Some questions about rewards in the training process
Closed this issue · 2 comments
Greetings.Recently,I run a simulation with your code.I used the default values for all the parameters in the simulation without changing anything.I found that,at the end of the first episode,the reward can reach 11 or higher.
But,at the end of the second episode,the reward was stuck in 2 or less
What's more,the performance of subsequent episodes is much lower than that of the first episode.I don't know why it is like this. Shouldn't the performance of each episode increase as the number of training episode increases?Why is the performance best in the first episode?
Reinforcement learning algorithms are prone to sudden divergence (just a divergence out of nowhere) when they combine:
- Function approximation: e.g., the use of neural networks)

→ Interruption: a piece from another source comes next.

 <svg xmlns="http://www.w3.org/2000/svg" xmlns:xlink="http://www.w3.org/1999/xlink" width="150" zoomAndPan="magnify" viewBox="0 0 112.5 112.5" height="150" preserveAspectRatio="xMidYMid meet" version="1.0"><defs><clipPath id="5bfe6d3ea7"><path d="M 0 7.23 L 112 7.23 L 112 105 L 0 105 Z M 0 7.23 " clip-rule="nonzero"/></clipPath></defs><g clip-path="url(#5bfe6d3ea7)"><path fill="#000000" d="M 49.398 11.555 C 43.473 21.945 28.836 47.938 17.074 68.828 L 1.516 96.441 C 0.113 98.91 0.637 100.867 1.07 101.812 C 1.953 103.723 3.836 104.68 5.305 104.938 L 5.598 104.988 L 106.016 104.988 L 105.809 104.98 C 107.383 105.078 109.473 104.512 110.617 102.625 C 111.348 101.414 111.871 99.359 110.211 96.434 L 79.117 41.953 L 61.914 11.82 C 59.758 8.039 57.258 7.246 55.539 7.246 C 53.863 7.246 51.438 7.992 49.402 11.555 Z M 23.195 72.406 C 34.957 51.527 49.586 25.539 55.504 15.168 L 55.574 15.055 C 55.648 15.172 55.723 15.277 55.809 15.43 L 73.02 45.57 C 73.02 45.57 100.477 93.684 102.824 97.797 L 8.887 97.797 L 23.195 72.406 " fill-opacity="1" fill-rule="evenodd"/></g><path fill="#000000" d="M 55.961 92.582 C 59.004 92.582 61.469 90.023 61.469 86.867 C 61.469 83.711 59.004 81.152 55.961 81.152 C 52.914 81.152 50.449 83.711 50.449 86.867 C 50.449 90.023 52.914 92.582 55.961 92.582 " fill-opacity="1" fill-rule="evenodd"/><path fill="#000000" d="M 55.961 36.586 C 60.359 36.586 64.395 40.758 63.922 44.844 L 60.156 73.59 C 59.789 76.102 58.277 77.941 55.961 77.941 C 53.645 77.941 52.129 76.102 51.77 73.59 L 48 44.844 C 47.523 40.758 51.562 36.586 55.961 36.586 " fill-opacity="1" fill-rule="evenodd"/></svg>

- Off-policy learning: e.g., sampling from the experience replay buffer)
- Bootstrapping: what the conventional Q-learning based on
this issue is also known as the deadly triad problem and has been widely studied in the RL literature. So, what you encounter is that the DDPG agent suffers from the deadly triad, and cannot improve anymore once it's diverged.
What you can do is simply consider a single episode. Determine the number of the step where the DDPG agent obtains good reward values. From now on, terminate the training when the DDPG agent reaches the specified number of training steps.
Training it further is inclined to the deadly triad issue. However, the more advanced off-policy algorithms such as Soft Actor-Critic are less prone to the deadly triad, which I empirically verified in my paper. You may also want to take a look at my paper's repo, and there, you can find the implementation of SAC.
OK.Thanks for your help